LPS-Mediated Apoptosis was Prevented by DTA0118
After LPS incubation, the percentage of apoptosis and cell death increased when compared with untreated cells (P<0.001 in both cell types) (Figure 5). This effect was prevented after treatment with DTA0118 (P<0.001) (Figures 5a and b).
DTA0118 Inhibited LPS-Induced Changes of Bax, Bcl-2, and Caspase-3 Proteins
We performed additional western blot assays (Figure 6) for evaluating the mechanisms induced by DTA0118. Stimulation with LPS induced upregulation of proapoptotic Bax protein when compared with control-vehicle cells (P<0.001). This effect was prevented in cells cotreated with emodin and DTA0118 compared with LPS-stimulated cells (P<0.001). Furthermore, a significant downregulation of the antiapoptotic Bcl-2 protein was observed in LPS-stimulated cells (P<0.001). Emodin and DT0118 prevented the LPS-induced downregulation of Bcl-2 protein (P<0.001). Stimulation with LPS induced an upregulation of procaspase-3 and downregulation of caspase-3 when compared with control-vehicle cells (P<0.001 for A549 cells and P<0.01 for BEAS-2B cells). This effect was maximum with DTA0118 (P<0.001 for both cell types) (Figure 6). See Supplementary Table E3 in the ESM for mean±s.d. values of densitometric analysis in each experimental group.
DISCUSSION
This is the first report showing that 1,2,3,5-tetrasubstituted pyrrol compounds are able to prevent lung epithelial cell injury induced by bacterial LPS. The main findings of our study are: (i) our screening method identified a pyrrol compound that inhibited LPS-induced cell death in two well-validated in vitro models of endotoxin-induced airway epithelial cell injury; (ii) DTA0118, the candidate drug, inhibited the secretion of proinflammatory cytokines; (iii) this inhibition was associated with downregulation of TLR4 and upregulation of IκBα; (iv) DTA0118 prevented apoptosis by modulating Bax, Bcl-2, and caspase-3 protein levels; and (v) inhibition of LPS effects was seen while human cell integrity and viability was preserved during DTA0118 treatment.
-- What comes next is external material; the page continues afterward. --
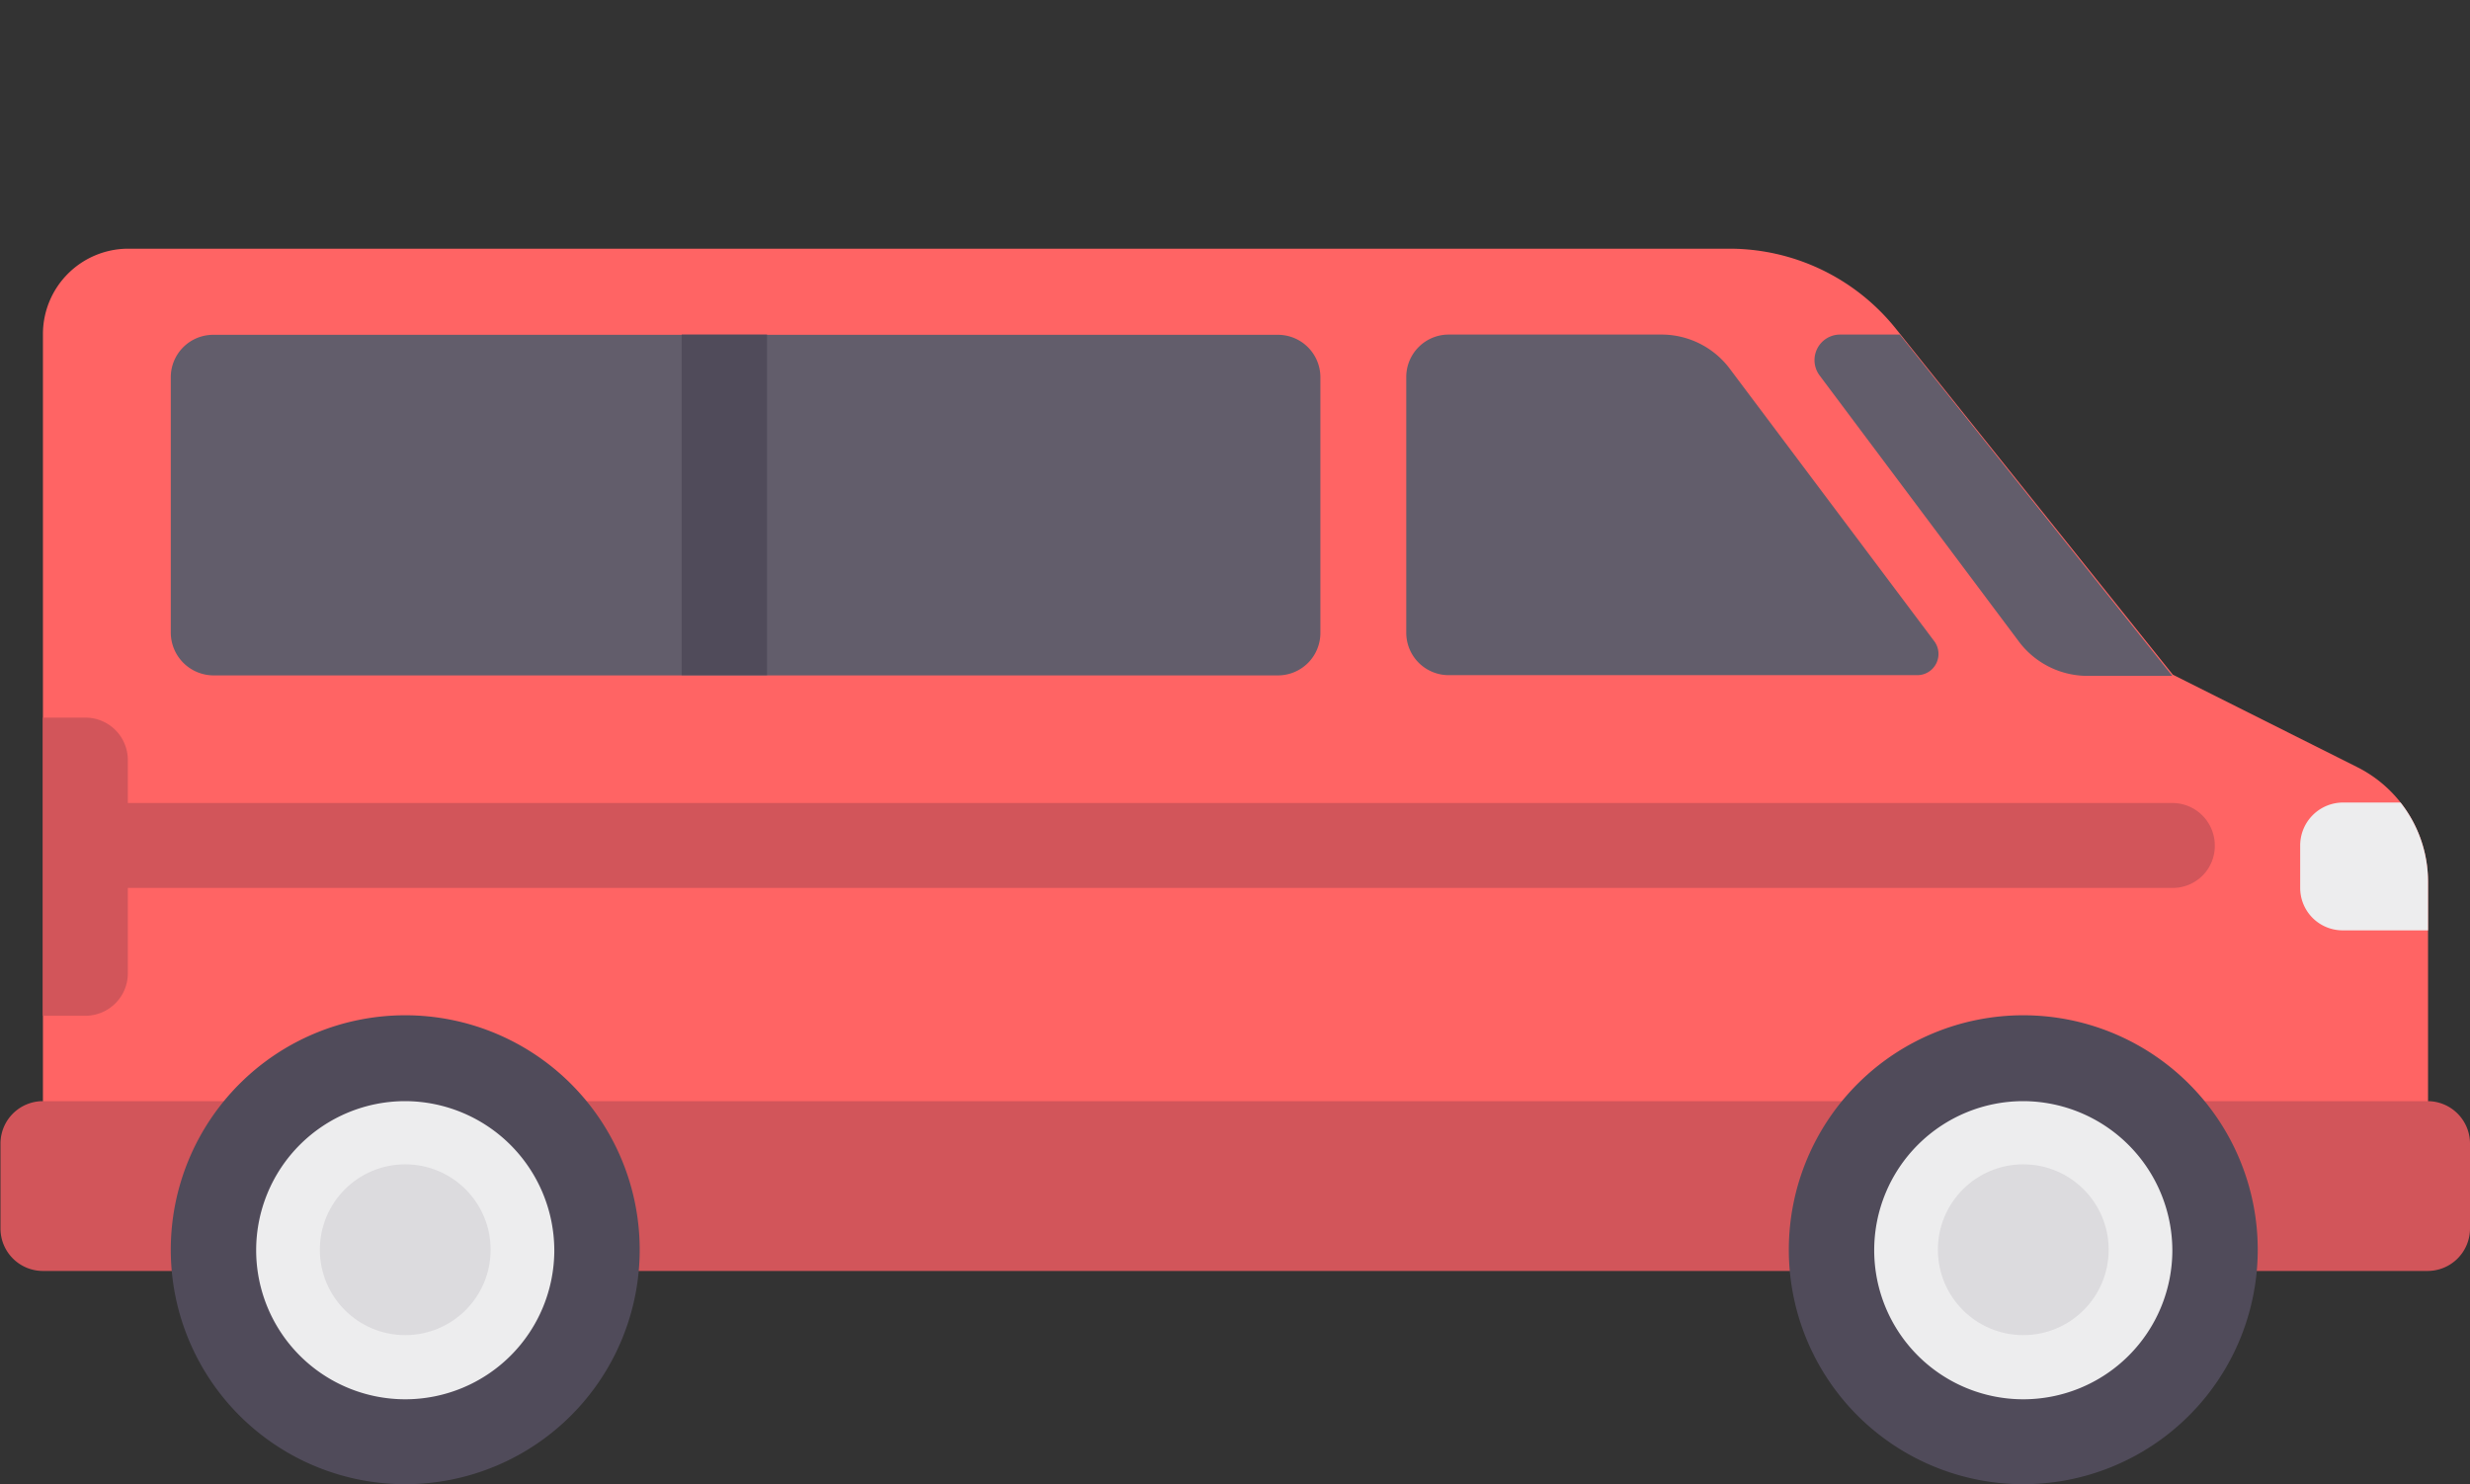 <svg xmlns="http://www.w3.org/2000/svg" viewBox="0 0 512 307.65"><rect x="0" y="0" width="512" height="307.65" fill="#333333" stroke="none"/><title>All-icons</title><path d="M503.3,245.85v-63.1a26.6,26.6,0,0,0-14.6-23.7l-38.3-19.2L393,68.15a44.2,44.2,0,0,0-34.5-16.6H26.6A17.7,17.7,0,0,0,8.9,69.25v181Z" fill="#ff6464"/><path d="M8.9,228.25H503.2a8.8,8.8,0,0,1,8.8,8.8v17.6a8.8,8.8,0,0,1-8.8,8.8H8.9a8.8,8.8,0,0,1-8.8-8.8V237A8.8,8.8,0,0,1,8.9,228.25Z" fill="#d2555a"/><path d="M450.3,184.05H26.6a8.8,8.8,0,0,1-8.8-8.8h0a8.8,8.8,0,0,1,8.8-8.8H450.3a8.8,8.8,0,0,1,8.8,8.8h0a8.7,8.7,0,0,1-8.6,8.8h-0.2Z" fill="#d2555a"/><path d="M17.8,210.55H8.9v-61.8h8.8a8.8,8.8,0,0,1,8.8,8.8h0v44.1a8.8,8.8,0,0,1-8.7,8.9h0Z" fill="#d2555a"/><circle cx="84" cy="259.05" r="40.5" fill="#ededee"/><circle cx="419.4" cy="259.05" r="40.5" fill="#ededee"/><path d="M476.8,175.25v8.8a8.8,8.8,0,0,0,8.8,8.8h17.7v-10.1a26.5,26.5,0,0,0-5.7-16.4H485.7A8.9,8.9,0,0,0,476.8,175.25Z" fill="#ededee"/><circle cx="419.4" cy="259.05" r="17.7" fill="#dcdbde"/><circle cx="84" cy="259.05" r="17.7" fill="#dcdbde"/><path d="M393.8,69.35H381.4a5.3,5.3,0,0,0-4.2,8.5L418.5,133a17.8,17.8,0,0,0,14.1,7.1h17.7Z" fill="#625d6b"/><path d="M358.5,76.35l42.4,56.5a4.4,4.4,0,0,1-3.5,7.1H300.3a8.8,8.8,0,0,1-8.8-8.8v-53a8.8,8.8,0,0,1,8.8-8.8h44.1A17.7,17.7,0,0,1,358.5,76.35Z" fill="#625d6b"/><path d="M44.2,140H264.9a8.8,8.8,0,0,0,8.8-8.8v-53a8.8,8.8,0,0,0-8.8-8.8H44.2a8.8,8.8,0,0,0-8.8,8.8h0v53A8.9,8.9,0,0,0,44.2,140Z" fill="#625d6b"/><rect x="141.3" y="69.35" width="17.7" height="70.6" fill="#504b5a"/><path d="M84,307.65a48.6,48.6,0,1,1,48.6-48.6A48.6,48.6,0,0,1,84,307.65Zm0-79.4a30.9,30.9,0,1,0,30.9,30.9h0A31,31,0,0,0,84,228.25Z" fill="#504b5a"/><path d="M419.4,307.65a48.6,48.6,0,1,1,48.6-48.6A48.6,48.6,0,0,1,419.4,307.65Zm0-79.4a30.9,30.9,0,1,0,30.9,30.9h0A31,31,0,0,0,419.4,228.25Z" fill="#504b5a"/></svg>

LPS initiates an inflammatory and immune defense response in the lung through recognition by TLR4.4 Our results demonstrate that pyrrol compound DTA0118 inhibited changes in TLR4 and IκBα expression levels in human A549 and BEAS-2B cells stimulated by LPS, and this inhibition was much more effective than the effects produced by the reference compounds. Furthermore, DTA0118 significantly inhibited the synthesis of cytokines. IL-1β was generated presumably by activation of the inflammasome,19 which has been linked to the pathogenesis of ARDS.20 This inhibition of proinflammatory cytokines has also been reported by other compounds, such as inosine,14 bupleurum polysaccharides,21 proxylin A,22 and quercetin,23 and by other pyrrol compounds, such as T-686, an inhibitor of plasminogen activator inhibitor-1 that was associated with a mortality reduction in mice exposed to LPS.24 However, none of those compounds had described any antiapoptotic activity in sepsis-induced lung injury.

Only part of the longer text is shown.